Ehsan Fazayeli, a doctoral student advised by Pitla and Ge, has reviewed the existing research on eating and farming in space. Some of the numbers are especially sobering: A four-person crew heading for Mars, and wanting to eat three meals a day, would need to haul 24,000-plus pounds of food.
That makes a stellar case for growing some on the way there, whether in conventional soil, in nutrient-rich water (hydroponics) or suspended in air (aeroponics), with vapor alone delivering the necessary nutrients. NASA has experimented with each on the International Space Station.
“I think we’ll have to rely on all those technologies complementarily,” said Ge, professor of biological systems engineering. “I doubt that any technology is so dominant that we say, ‘This is the one to go with.’”

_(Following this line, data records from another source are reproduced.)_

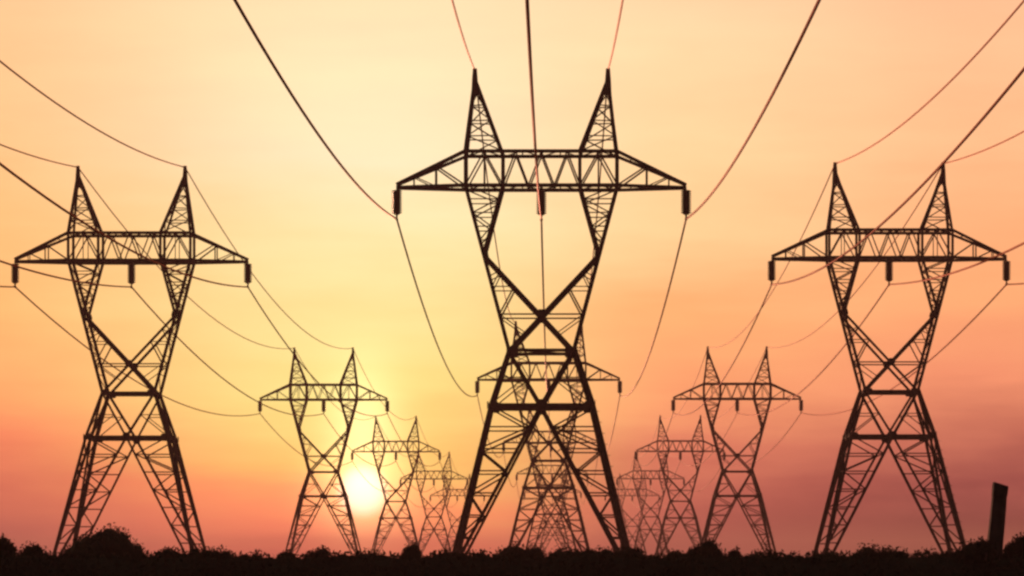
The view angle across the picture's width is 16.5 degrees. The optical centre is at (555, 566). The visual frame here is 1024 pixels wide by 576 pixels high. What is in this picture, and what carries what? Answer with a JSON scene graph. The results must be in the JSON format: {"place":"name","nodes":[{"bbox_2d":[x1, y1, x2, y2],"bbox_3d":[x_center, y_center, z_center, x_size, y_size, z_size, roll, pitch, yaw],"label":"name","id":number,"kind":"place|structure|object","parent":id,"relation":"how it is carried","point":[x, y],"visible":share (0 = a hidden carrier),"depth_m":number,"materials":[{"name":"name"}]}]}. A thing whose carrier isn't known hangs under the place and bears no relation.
{"place":"outdoors","nodes":[
{"label":"outdoors","id":0,"kind":"place"},
{"bbox_2d":[0,0,1023,557],"label":"sky","id":1,"kind":"structure","parent":0,"point":[386,85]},
{"label":"ground","id":2,"kind":"structure","parent":0,"visible":0},
{"bbox_2d":[0,532,18,556],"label":"bush","id":3,"kind":"object","parent":2,"relation":"on","point":[7,546],"visible":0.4,"depth_m":112.54,"materials":[{"name":"black plant"}]},
{"bbox_2d":[17,541,47,556],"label":"bush","id":4,"kind":"object","parent":2,"relation":"on","point":[36,548],"visible":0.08,"depth_m":118.18,"materials":[{"name":"black plant"}]},
{"bbox_2d":[55,522,150,558],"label":"bush","id":5,"kind":"object","parent":2,"relation":"on","point":[109,540],"visible":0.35,"depth_m":136.68,"materials":[{"name":"black plant"}]},
{"bbox_2d":[11,166,251,555],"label":"pylon","id":6,"kind":"object","parent":2,"relation":"on","point":[171,439],"visible":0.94,"depth_m":357.93,"materials":[{"name":"metal"}]},
{"bbox_2d":[0,286,429,506],"bbox_3d":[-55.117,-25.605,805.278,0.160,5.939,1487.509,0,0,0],"label":"power cable","id":7,"kind":"object","parent":6,"relation":"hanging from","point":[162,395],"visible":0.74,"depth_m":467.73,"materials":[{"name":"metal"}]},
{"bbox_2d":[159,545,184,558],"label":"bush","id":8,"kind":"object","parent":2,"relation":"on","point":[172,552],"visible":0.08,"depth_m":126.19,"materials":[{"name":"black plant"}]},
{"bbox_2d":[182,543,234,556],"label":"bush","id":9,"kind":"object","parent":2,"relation":"on","point":[196,551],"visible":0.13,"depth_m":131.83,"materials":[{"name":"black plant"}]},
{"bbox_2d":[247,549,264,556],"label":"bush","id":10,"kind":"object","parent":2,"relation":"on","point":[256,553],"visible":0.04,"depth_m":129.17,"materials":[{"name":"black plant"}]},
{"bbox_2d":[278,549,296,557],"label":"bush","id":11,"kind":"object","parent":2,"relation":"on","point":[289,553],"visible":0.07,"depth_m":131.88,"materials":[{"name":"black plant"}]},
{"bbox_2d":[304,545,331,557],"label":"bush","id":12,"kind":"object","parent":2,"relation":"on","point":[322,549],"visible":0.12,"depth_m":123.62,"materials":[{"name":"black plant"}]},
{"bbox_2d":[258,347,389,555],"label":"pylon","id":13,"kind":"object","parent":2,"relation":"on","point":[310,473],"visible":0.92,"depth_m":655.14,"materials":[{"name":"metal"}]},
{"bbox_2d":[354,547,383,554],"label":"bush","id":14,"kind":"object","parent":2,"relation":"on","point":[370,552],"visible":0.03,"depth_m":129.16,"materials":[{"name":"black plant"}]},
{"bbox_2d":[351,416,440,557],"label":"pylon","id":15,"kind":"object","parent":2,"relation":"on","point":[395,517],"visible":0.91,"depth_m":952.30,"materials":[{"name":"metal"}]},
{"bbox_2d":[400,539,423,558],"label":"bush","id":16,"kind":"object","parent":2,"relation":"on","point":[413,549],"visible":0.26,"depth_m":125.20,"materials":[{"name":"black plant"}]},
{"bbox_2d":[400,451,467,552],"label":"pylon","id":17,"kind":"object","parent":2,"relation":"on","point":[433,508],"visible":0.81,"depth_m":1249.65,"materials":[{"name":"metal"}]},
{"bbox_2d":[0,144,444,477],"bbox_3d":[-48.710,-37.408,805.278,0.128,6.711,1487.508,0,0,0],"label":"earth wire","id":18,"kind":"object","parent":17,"relation":"hanging from","point":[171,280],"visible":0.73,"depth_m":421.80,"materials":[{"name":"black metal"}]},
{"bbox_2d":[0,260,456,506],"bbox_3d":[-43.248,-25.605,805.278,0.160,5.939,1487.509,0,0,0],"label":"power cable","id":19,"kind":"object","parent":17,"relation":"hanging from","point":[4,262],"visible":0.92,"depth_m":388.58,"materials":[{"name":"metal"}]},
{"bbox_2d":[0,60,461,478],"bbox_3d":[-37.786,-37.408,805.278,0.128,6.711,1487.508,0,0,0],"label":"earth wire","id":20,"kind":"object","parent":17,"relation":"hanging from","point":[19,76],"visible":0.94,"depth_m":345.04,"materials":[{"name":"black metal"}]},
{"bbox_2d":[0,162,482,506],"bbox_3d":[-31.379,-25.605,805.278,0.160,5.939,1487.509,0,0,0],"label":"power cable","id":21,"kind":"object","parent":17,"relation":"hanging from","point":[59,206],"visible":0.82,"depth_m":281.27,"materials":[{"name":"metal"}]},
{"bbox_2d":[434,547,458,556],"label":"bush","id":22,"kind":"object","parent":2,"relation":"on","point":[446,552],"visible":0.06,"depth_m":131.89,"materials":[{"name":"black plant"}]},
{"bbox_2d":[429,474,484,552],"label":"pylon","id":23,"kind":"object","parent":2,"relation":"on","point":[451,514],"visible":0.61,"depth_m":1547.19,"materials":[{"name":"metal"}]},
{"bbox_2d":[0,549,1023,575],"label":"undergrowth","id":24,"kind":"object","parent":2,"relation":"on","point":[481,564],"visible":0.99,"depth_m":95.55,"materials":[{"name":"black plant"}]},
{"bbox_2d":[495,542,546,557],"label":"bush","id":25,"kind":"object","parent":2,"relation":"on","point":[521,550],"visible":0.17,"depth_m":137.36,"materials":[{"name":"black plant"}]},
{"bbox_2d":[391,68,690,554],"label":"pylon","id":26,"kind":"object","parent":2,"relation":"on","point":[569,352],"visible":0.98,"depth_m":287.09,"materials":[{"name":"metal"}]},
{"bbox_2d":[233,0,524,502],"bbox_3d":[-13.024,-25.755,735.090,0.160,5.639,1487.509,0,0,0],"label":"power cable","id":27,"kind":"object","parent":26,"relation":"hanging from","point":[293,96],"visible":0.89,"depth_m":208.59,"materials":[{"name":"metal"}]},
{"bbox_2d":[451,0,538,474],"bbox_3d":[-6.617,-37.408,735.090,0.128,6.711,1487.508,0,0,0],"label":"earth wire","id":28,"kind":"object","parent":26,"relation":"attached to","point":[483,146],"visible":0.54,"depth_m":315.26,"materials":[{"name":"black metal"}]},
{"bbox_2d":[475,321,621,551],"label":"pylon","id":29,"kind":"object","parent":2,"relation":"on","point":[562,460],"visible":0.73,"depth_m":584.38,"materials":[{"name":"metal"}]},
{"bbox_2d":[502,411,597,550],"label":"pylon","id":30,"kind":"object","parent":2,"relation":"on","point":[550,514],"visible":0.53,"depth_m":881.63,"materials":[{"name":"metal"}]},
{"bbox_2d":[516,445,588,550],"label":"pylon","id":31,"kind":"object","parent":2,"relation":"on","point":[551,505],"visible":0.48,"depth_m":1179.22,"materials":[{"name":"metal"}]},
{"bbox_2d":[525,0,552,503],"bbox_3d":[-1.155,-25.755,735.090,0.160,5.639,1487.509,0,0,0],"label":"power cable","id":32,"kind":"object","parent":31,"relation":"hanging from","point":[531,79],"visible":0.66,"depth_m":195.34,"materials":[{"name":"metal"}]},
{"bbox_2d":[567,0,623,463],"bbox_3d":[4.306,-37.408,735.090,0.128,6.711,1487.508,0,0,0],"label":"earth wire","id":33,"kind":"object","parent":31,"relation":"hanging from","point":[604,127],"visible":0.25,"depth_m":305.39,"materials":[{"name":"black metal"}]},
{"bbox_2d":[581,0,820,503],"bbox_3d":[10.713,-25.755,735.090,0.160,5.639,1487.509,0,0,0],"label":"power cable","id":34,"kind":"object","parent":31,"relation":"hanging from","point":[773,92],"visible":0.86,"depth_m":209.96,"materials":[{"name":"metal"}]},
{"bbox_2d":[524,469,581,550],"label":"pylon","id":35,"kind":"object","parent":2,"relation":"on","point":[552,535],"visible":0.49,"depth_m":1476.71,"materials":[{"name":"metal"}]},
{"bbox_2d":[540,545,613,557],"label":"bush","id":36,"kind":"object","parent":2,"relation":"on","point":[559,550],"visible":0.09,"depth_m":136.23,"materials":[{"name":"black plant"}]},
{"bbox_2d":[607,545,646,558],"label":"bush","id":37,"kind":"object","parent":2,"relation":"on","point":[631,550],"visible":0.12,"depth_m":134.07,"materials":[{"name":"black plant"}]},
{"bbox_2d":[604,473,659,555],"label":"pylon","id":38,"kind":"object","parent":2,"relation":"on","point":[639,519],"visible":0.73,"depth_m":1543.82,"materials":[{"name":"metal"}]},
{"bbox_2d":[616,451,684,554],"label":"pylon","id":39,"kind":"object","parent":2,"relation":"on","point":[649,508],"visible":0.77,"depth_m":1246.41,"materials":[{"name":"metal"}]},
{"bbox_2d":[605,67,1023,506],"bbox_3d":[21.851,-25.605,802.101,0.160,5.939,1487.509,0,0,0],"label":"power cable","id":40,"kind":"object","parent":39,"relation":"hanging from","point":[1016,78],"visible":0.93,"depth_m":228.42,"materials":[{"name":"metal"}]},
{"bbox_2d":[627,0,1023,476],"bbox_3d":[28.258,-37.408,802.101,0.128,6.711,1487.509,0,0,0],"label":"earth wire","id":41,"kind":"object","parent":39,"relation":"hanging from","point":[985,44],"visible":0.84,"depth_m":302.79,"materials":[{"name":"black metal"}]},
{"bbox_2d":[633,242,1023,506],"bbox_3d":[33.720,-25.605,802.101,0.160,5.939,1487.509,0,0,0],"label":"power cable","id":42,"kind":"object","parent":39,"relation":"hanging from","point":[1002,253],"visible":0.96,"depth_m":366.86,"materials":[{"name":"metal"}]},
{"bbox_2d":[656,131,1023,474],"bbox_3d":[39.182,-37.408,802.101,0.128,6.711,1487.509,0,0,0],"label":"earth wire","id":43,"kind":"object","parent":39,"relation":"hanging from","point":[884,254],"visible":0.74,"depth_m":402.87,"materials":[{"name":"black metal"}]},
{"bbox_2d":[659,283,1023,506],"bbox_3d":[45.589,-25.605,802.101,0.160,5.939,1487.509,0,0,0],"label":"power cable","id":44,"kind":"object","parent":39,"relation":"hanging from","point":[894,386],"visible":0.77,"depth_m":447.07,"materials":[{"name":"metal"}]},
{"bbox_2d":[664,549,682,557],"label":"bush","id":45,"kind":"object","parent":2,"relation":"on","point":[673,552],"visible":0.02,"depth_m":129.25,"materials":[{"name":"black plant"}]},
{"bbox_2d":[635,415,725,557],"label":"pylon","id":46,"kind":"object","parent":2,"relation":"on","point":[671,501],"visible":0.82,"depth_m":949.01,"materials":[{"name":"metal"}]},
{"bbox_2d":[686,537,726,557],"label":"bush","id":47,"kind":"object","parent":2,"relation":"on","point":[708,546],"visible":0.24,"depth_m":131.66,"materials":[{"name":"black plant"}]},
{"bbox_2d":[725,544,741,557],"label":"bush","id":48,"kind":"object","parent":2,"relation":"on","point":[736,551],"visible":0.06,"depth_m":123.57,"materials":[{"name":"black plant"}]},
{"bbox_2d":[671,346,802,554],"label":"pylon","id":49,"kind":"object","parent":2,"relation":"on","point":[757,490],"visible":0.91,"depth_m":652.11,"materials":[{"name":"metal"}]},
{"bbox_2d":[749,547,778,556],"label":"bush","id":50,"kind":"object","parent":2,"relation":"on","point":[767,550],"visible":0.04,"depth_m":130.74,"materials":[{"name":"black plant"}]},
{"bbox_2d":[805,547,836,556],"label":"bush","id":51,"kind":"object","parent":2,"relation":"on","point":[827,553],"visible":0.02,"depth_m":129.67,"materials":[{"name":"black plant"}]},
{"bbox_2d":[855,540,908,556],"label":"bush","id":52,"kind":"object","parent":2,"relation":"on","point":[865,549],"visible":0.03,"depth_m":126.33,"materials":[{"name":"black plant"}]},
{"bbox_2d":[767,162,1010,554],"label":"pylon","id":53,"kind":"object","parent":2,"relation":"on","point":[848,437],"visible":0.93,"depth_m":354.72,"materials":[{"name":"metal"}]},
{"bbox_2d":[911,547,936,556],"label":"bush","id":54,"kind":"object","parent":2,"relation":"on","point":[925,551],"visible":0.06,"depth_m":132.09,"materials":[{"name":"black plant"}]},
{"bbox_2d":[938,548,960,557],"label":"bush","id":55,"kind":"object","parent":2,"relation":"on","point":[951,554],"visible":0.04,"depth_m":127.37,"materials":[{"name":"black plant"}]},
{"bbox_2d":[956,536,1002,564],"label":"bush","id":56,"kind":"object","parent":2,"relation":"on","point":[974,551],"visible":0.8,"depth_m":95.98,"materials":[{"name":"black plant"}]},
{"bbox_2d":[987,482,1007,559],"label":"pillar","id":57,"kind":"structure","parent":2,"relation":"on","point":[996,528],"depth_m":96.80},
{"bbox_2d":[1002,531,1023,559],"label":"bush","id":58,"kind":"object","parent":2,"relation":"on","point":[1017,545],"visible":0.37,"depth_m":97.61,"materials":[{"name":"black plant"}]}
]}

Though hydro- and aeroponics use fewer overall resources, they will still rely on the recycling of water and nutrients — a closed-loop system that requires a rewiring of an Earth-bound mindset, Jones said.
“We (currently) have a lot of linear systems,” he said. “There are inputs and there are outputs, and we don’t really recapture them. But whether it’s a spaceship or in residence, we better have that figured out, or we will fail. The bottom line is that the logistics and opportunities of taking (food) with you, or growing it there, are so limited, and the stakes are really high.”
The challenges won’t abate once a crew finally touches down with the intent to settle down. Mars receives less of the visible light that powers photosynthesis — and more of the DNA-damaging high-energy radiation that Earth’s atmosphere helps shield against. Temperature fluctuates wildly, too: Whereas a summer day at the red planet’s equator can reach a comfortable 70 degrees Fahrenheit, a summer night there might plummet to minus 100.
The fact that Mars offers just 38% of Earth’s gravity will present its own issues. Among the trickiest? Directing the flow of irrigation, without expending scores of energy, when gravity goes from a reliable assistant to more of a lazy bystander. Generating enough downforce to plant seeds at sufficient depth won’t be easy, either, and might necessitate power-hungry tech to compensate for the fractional gravity.
Then there’s the soil itself. The best of Earth’s enjoys water, carbon-rich organic matter and, in just a single teaspoon of the stuff, billions of microorganisms that help convert nitrogen into a life-sustaining form that gets taken up by neighboring plant roots. By comparison, the moon’s — a combination of rock fragments, dust and glass-fused minerals collectively known as regolith — pales not just in color but performance.
Doctoral student Cassie Palmer has put that lunar regolith to the test by planting soybean in an imitation of it. At the Greenhouse Innovation Center, she tracked the soybean’s growth against that planted in conventional soil. Unfortunately, the shoots of the lunar-planted soybean struggled mightily to sprout throughout a 40-day span. Its roots did the same, though they also outpaced the relative growth of the shoots, apparently in a futile attempt to find nutrients that Palmer would show to be missing from the regolith.
“They also have a low emergence rate,” Ge said. “For every three seeds you drop, only one comes out — which means that you need three times as many seeds.”
The lunar-like substrate even turned the act of watering it, a seeming no-brainer, into a headache of sorts. Unlike much of Earth’s soil, which will maintain pores that accommodate root growth when watered, the imitation regolith tended to solidify, sometimes damaging the root caps that facilitate root migration and nutrient uptake.
Palmer and Fazayeli would later swap out some of the regolith for soil — and the soybean for faster-germinating peas — during the Plant the Moon Challenge, a NASA-affiliated outreach program that the duo brought to Dawes Middle School and Lincoln Northeast High School. That outreach dovetails with what Ge sees as a natural opportunity to inspire Nebraska’s next generation of agronomists and farmers.
“I think that it is a very good topic,” he said, “to get them imagining what the future is going to look like.”
Ge conceded that, as a Husker attempting to envision that future, he initially saw corn. As some food scientists were keen to point out, though, soybean bests Nebraska’s signature crop when it comes to offering not just carbohydrates but protein and oils. And both crops require more processing than do leafy greens and root crops like carrots and potatoes. Less processing means less energy and, all other factors equal, a more desirable crop.
Still, corn and other Midwestern staples might eventually find a place on the surfaces of other planets, the researchers said, given that leftover stalks, leaves and the like can naturally fertilize soil with nitrogen, phosphorous and other vital nutrients.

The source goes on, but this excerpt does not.